Saved entries
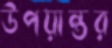
উপয়ান্তর
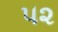
૫૨
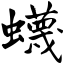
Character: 蠛
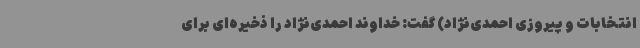
انتخابات و پیروزی احمدی‌نژاد) گفت: خداوند احمدی‌نژاد را ذخیره‌ای برای
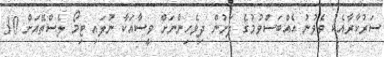
ސަރުކާރާއެކު ވެވުނު އެއްބަސްވުމުގެ ދަށުން ދިވެހިންނަށް ވީސާއަކާ ނުލައި ޓިމޯ ލެސްތޭއަށް 30
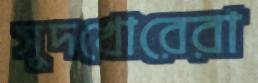
সুদখোরেরা
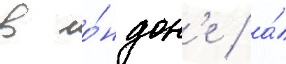
в ло́ндон'е / а́
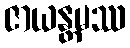
ဇာယန္တမဿ
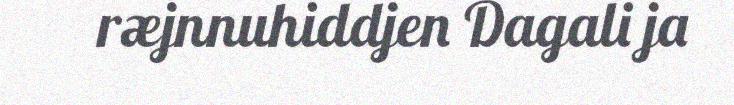
ræjnnuhiddjen Dagali ja
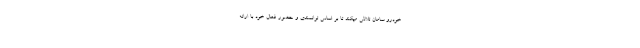
خودرو سامان تلاش میکند تا بر اساس توانمندی و حضور فعال خود با ارائه
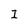
Character: I
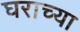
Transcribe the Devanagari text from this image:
घराच्‍या
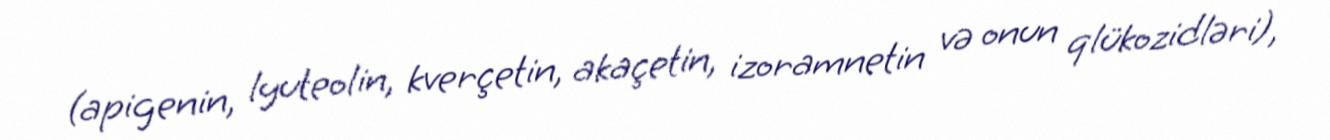
(apigenin, lyuteolin, kverçetin, akaçetin, izoramnetin və onun qlükozidləri),
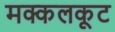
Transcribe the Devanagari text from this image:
मक्कलकूट
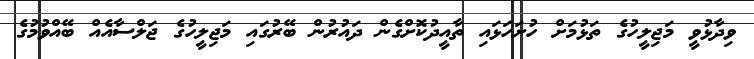
ވިދާޅުވީ މަޖިލީހުގެ ތަޅުމަށް ހުށަހަޅައި ތާއީދުކޮށްގެން ދައުރުން ބޭރުގައި މަޖިލީހުގެ ޖަލްސާއެއް ބޭއްވުމުގެ
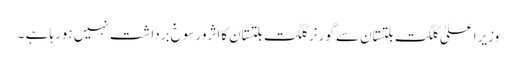
وزیراعلیٰ گلگت بلتستان سے گورنر گلگت بلتستان کااثرورسوخ برداشت نہیں ہورہا ہے ۔
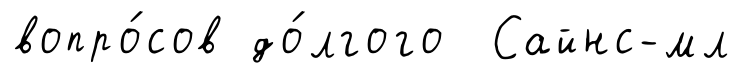
вопро́сов до́лгого Сайнс-мл
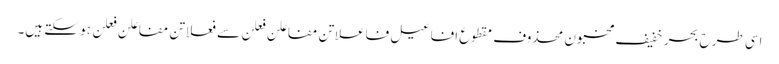
اسی طرح بحر خفیف مخبون محذوف مقطوع افاعیل فاعلاتن مفاعلن فعلن سے فعلاتن مفاعلن فعلن ہو سکتے ہیں۔
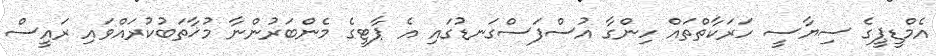
އެމްޑީޕީގެ ސިޔާސީ ހަރަކާތްތައް ހިންގާ އުސްފަސްގަނޑުގައި އެ ޕާޓީގެ މެންބަރުންނާ މުޚާތަބުކުރައްވައި ރައީސް
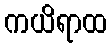
ကယိရာထ
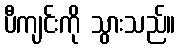
ပီကျင်းကို သွားသည်။
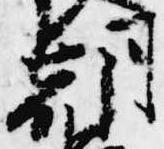
朝
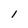
Character: I
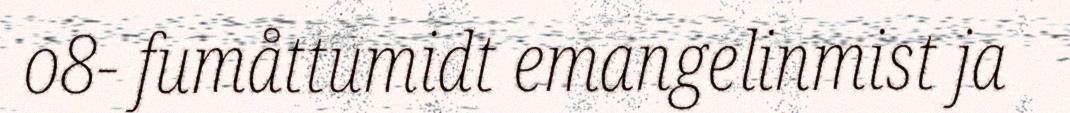
o8- fumåttumidt emangelinmist ja
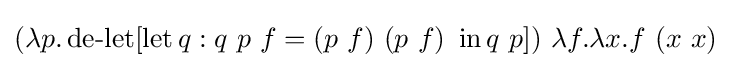
(\lambda p.\operatorname {de-let} [\operatorname {let} q:q\ p\ f=(p\ f)\ (p\ f)\ \operatorname {in} q\ p])\ \lambda f.\lambda x.f\ (x\ x)
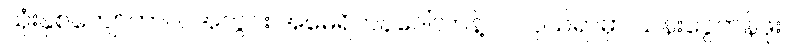
သုံးနှစ်ကျော်ကာလအတွင်း အမေရိကန်ဒေါ်လာနဲ့ လဲလှယ်ရာမှာ ယန်းငွေတန်ဖိုး
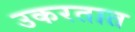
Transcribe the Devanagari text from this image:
उकरतात
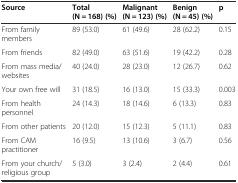
<table><thead><tr><td><b>Source</b></td><td><b>Total (N = 168) (%)</b></td><td><b>Malignant (N = 123) (%)</b></td><td><b>Benign (N = 45) (%)</b></td><td><b>p</b></td></tr></thead><tbody><tr><td>From family members</td><td>89 (53.0)</td><td>61 (49.6)</td><td>28 (62.2)</td><td>0.15</td></tr><tr><td>From friends</td><td>82 (49.0)</td><td>63 (51.6)</td><td>19 (42.2)</td><td>0.28</td></tr><tr><td>From mass media/websites</td><td>40 (24.0)</td><td>28 (23.0)</td><td>12 (26.7)</td><td>0.62</td></tr><tr><td>Your own free will</td><td>31 (18.5)</td><td>16 (13.0)</td><td>15 (33.3)</td><td>0.003</td></tr><tr><td>From health personnel</td><td>24 (14.3)</td><td>18 (14.6)</td><td>6 (13.3)</td><td>0.83</td></tr><tr><td>From other patients</td><td>20 (12.0)</td><td>15 (12.3)</td><td>5 (11.1)</td><td>0.83</td></tr><tr><td>From CAM practitioner</td><td>16 (9.5)</td><td>13 (10.6)</td><td>3 (6.7)</td><td>0.56</td></tr><tr><td>From your church/religious group</td><td>5 (3.0)</td><td>3 (2.4)</td><td>2 (4.4)</td><td>0.61</td></tr></tbody></table>
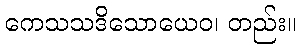
ကေသသဒိသောယေဝ၊ တည်း။
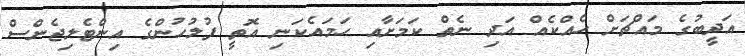
އަދީބުގެ މައްޗަށް ހެއްކެއް އަދި ނެތް ކަމަށާއި ހަމައެކަނި އޮތީ ފުލުހުންގެ އިންޓެލިޖެންސް
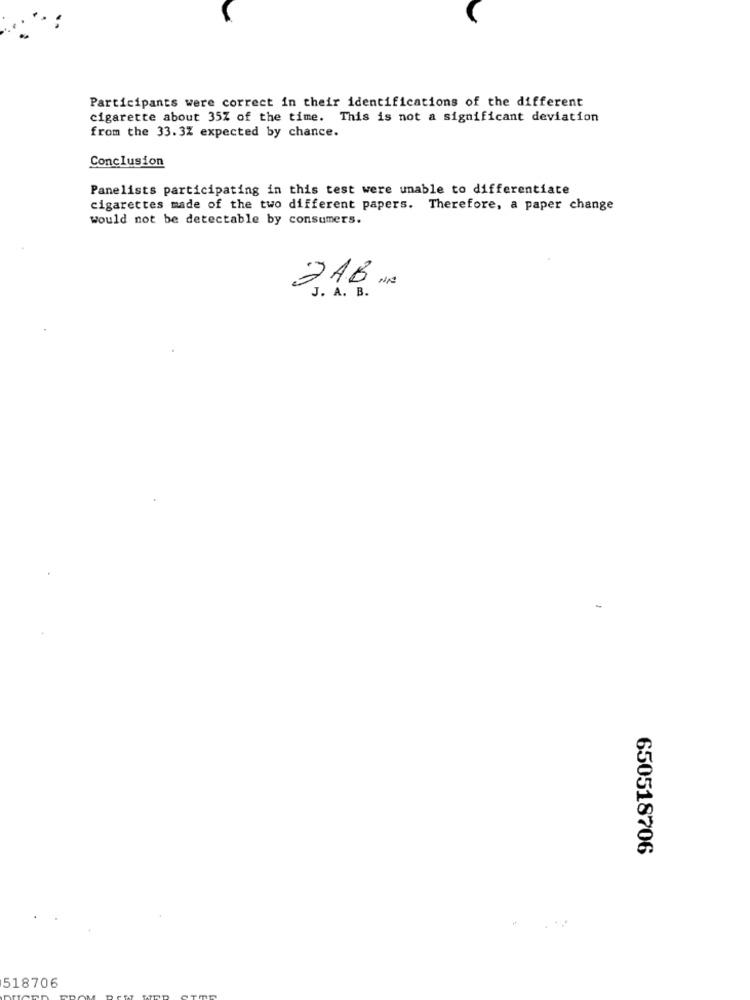
Participants were correct in their identifications of the different
cigarette about 35% of the time. This is not a significant deviation
from the 33.3% expected by chance.
Conclusion
Panelists participating in this test were unable to differentiate
cigarettes made of the two different papers. Therefore, a paper change
would not be detectable by consumers.
DAB N/
J. A. B.
650518706
518706
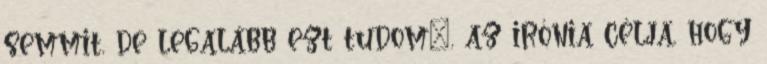
semmit, de legalább ezt tudom”, az irónia célja, hogy
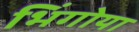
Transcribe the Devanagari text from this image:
भिंगोया
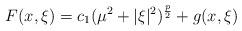
LaTeX: \begin{align*}F(x, \xi) = c_1(\mu^2 + |\xi|^2)^\frac{p}{2} + g(x,\xi)\end{align*}
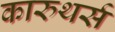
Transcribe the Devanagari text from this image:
कारुथर्स
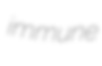
immune
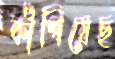
কাঁপিয়েছ
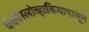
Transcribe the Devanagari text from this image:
चेकोस्लोव्हाकियापासून
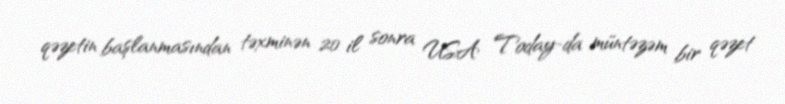
qəzetin başlanmasından təxminən 20 il sonra USA Today-da müntəzəm bir qəzet
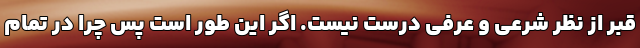
قبر از نظر شرعی و عرفی درست نیست. اگر این طور است پس چرا در تمام
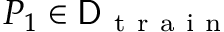
P _ { 1 } \in \mathsf { D } _ { \mathrm { ~ t ~ r ~ a ~ i ~ n ~ } }
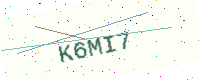
Text: K6MI7
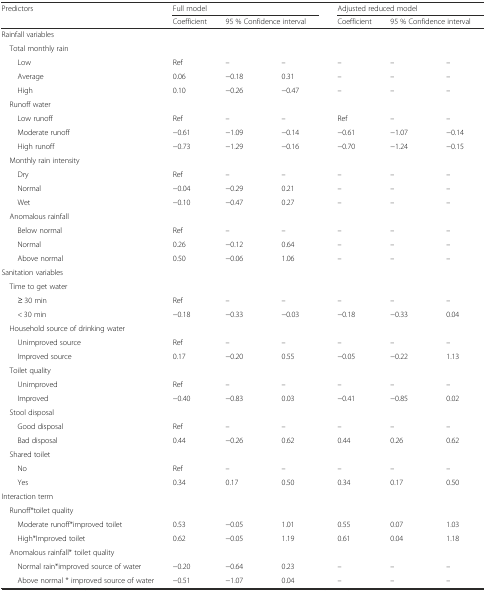
<table><thead><tr><td rowspan="2"><b>Predictors</b></td><td colspan="3"><b>Full model</b></td><td colspan="3"><b>Adjusted reduced model</b></td></tr><tr><td><b>Coefficient</b></td><td colspan="2"><b>95 % Confidence interval</b></td><td><b>Coefficient</b></td><td colspan="2"><b>95 % Confidence interval</b></td></tr></thead><tbody><tr><td colspan="7">Rainfall variables</td></tr><tr><td colspan="7"> Total monthly rain</td></tr><tr><td>Low</td><td>Ref</td><td>–</td><td>–</td><td>–</td><td>–</td><td>–</td></tr><tr><td>Average</td><td>0.06</td><td>−0.18</td><td>0.31</td><td>–</td><td>–</td><td>–</td></tr><tr><td>High</td><td>0.10</td><td>−0.26</td><td>−0.47</td><td>–</td><td>–</td><td>–</td></tr><tr><td colspan="7"> Runoff water</td></tr><tr><td>Low runoff</td><td>Ref</td><td>–</td><td>–</td><td>Ref</td><td>–</td><td>–</td></tr><tr><td>Moderate runoff</td><td>−0.61</td><td>−1.09</td><td>−0.14</td><td>−0.61</td><td>−1.07</td><td>−0.14</td></tr><tr><td>High runoff</td><td>−0.73</td><td>−1.29</td><td>−0.16</td><td>−0.70</td><td>−1.24</td><td>−0.15</td></tr><tr><td colspan="7"> Monthly rain intensity</td></tr><tr><td>Dry</td><td>Ref</td><td>–</td><td>–</td><td>–</td><td>–</td><td>–</td></tr><tr><td>Normal</td><td>−0.04</td><td>−0.29</td><td>0.21</td><td>–</td><td>–</td><td>–</td></tr><tr><td>Wet</td><td>−0.10</td><td>−0.47</td><td>0.27</td><td>–</td><td>–</td><td>–</td></tr><tr><td colspan="7"> Anomalous rainfall</td></tr><tr><td>Below normal</td><td>Ref</td><td>–</td><td>–</td><td>–</td><td>–</td><td>–</td></tr><tr><td>Normal</td><td>0.26</td><td>−0.12</td><td>0.64</td><td>–</td><td>–</td><td>–</td></tr><tr><td>Above normal</td><td>0.50</td><td>−0.06</td><td>1.06</td><td>–</td><td>–</td><td>–</td></tr><tr><td colspan="7">Sanitation variables</td></tr><tr><td colspan="7"> Time to get water</td></tr><tr><td>≥ 30 min</td><td>Ref</td><td>–</td><td>–</td><td>–</td><td>–</td><td>–</td></tr><tr><td>&lt; 30 min</td><td>−0.18</td><td>−0.33</td><td>−0.03</td><td>−0.18</td><td>−0.33</td><td>0.04</td></tr><tr><td colspan="7"> Household source of drinking water</td></tr><tr><td>Unimproved source</td><td>Ref</td><td>–</td><td>–</td><td>–</td><td>–</td><td>–</td></tr><tr><td>Improved source</td><td>0.17</td><td>−0.20</td><td>0.55</td><td>−0.05</td><td>−0.22</td><td>1.13</td></tr><tr><td colspan="7"> Toilet quality</td></tr><tr><td>Unimproved</td><td>Ref</td><td>–</td><td>–</td><td>–</td><td>–</td><td>–</td></tr><tr><td>Improved</td><td>−0.40</td><td>−0.83</td><td>0.03</td><td>−0.41</td><td>−0.85</td><td>0.02</td></tr><tr><td colspan="7"> Stool disposal</td></tr><tr><td>Good disposal</td><td>Ref</td><td>–</td><td>–</td><td>–</td><td>–</td><td>–</td></tr><tr><td>Bad disposal</td><td>0.44</td><td>−0.26</td><td>0.62</td><td>0.44</td><td>0.26</td><td>0.62</td></tr><tr><td colspan="7"> Shared toilet</td></tr><tr><td>No</td><td>Ref</td><td>–</td><td>–</td><td>–</td><td>–</td><td>–</td></tr><tr><td>Yes</td><td>0.34</td><td>0.17</td><td>0.50</td><td>0.34</td><td>0.17</td><td>0.50</td></tr><tr><td colspan="7">Interaction term</td></tr><tr><td colspan="7"> Runoff*toilet quality</td></tr><tr><td>Moderate runoff*improved toilet</td><td>0.53</td><td>−0.05</td><td>1.01</td><td>0.55</td><td>0.07</td><td>1.03</td></tr><tr><td>High*Improved toilet</td><td>0.62</td><td>−0.05</td><td>1.19</td><td>0.61</td><td>0.04</td><td>1.18</td></tr><tr><td colspan="7"> Anomalous rainfall* toilet quality</td></tr><tr><td>Normal rain*improved source of water</td><td>−0.20</td><td>−0.64</td><td>0.23</td><td>–</td><td>–</td><td>–</td></tr><tr><td>Above normal * improved source of water</td><td>−0.51</td><td>−1.07</td><td>0.04</td><td>–</td><td>–</td><td>–</td></tr></tbody></table>
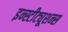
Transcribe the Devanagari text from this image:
इन्स्टीट्यूशन्स

### ASSIGNMENT:
Reproduce exactly the entries from their first line through the line containing "ræjnnuhiddjen Dagali ja", including both, and omit any pictures.

### THE COMPLETED TASK:
উপয়ান্তর
૫૨
Character: 蠛
انتخابات و پیروزی احمدی‌نژاد) گفت: خداوند احمدی‌نژاد را ذخیره‌ای برای
ސަރުކާރާއެކު ވެވުނު އެއްބަސްވުމުގެ ދަށުން ދިވެހިންނަށް ވީސާއަކާ ނުލައި ޓިމޯ ލެސްތޭއަށް 30
সুদখোরেরা
в ло́ндон'е / а́
ဇာယန္တမဿ
ræjnnuhiddjen Dagali ja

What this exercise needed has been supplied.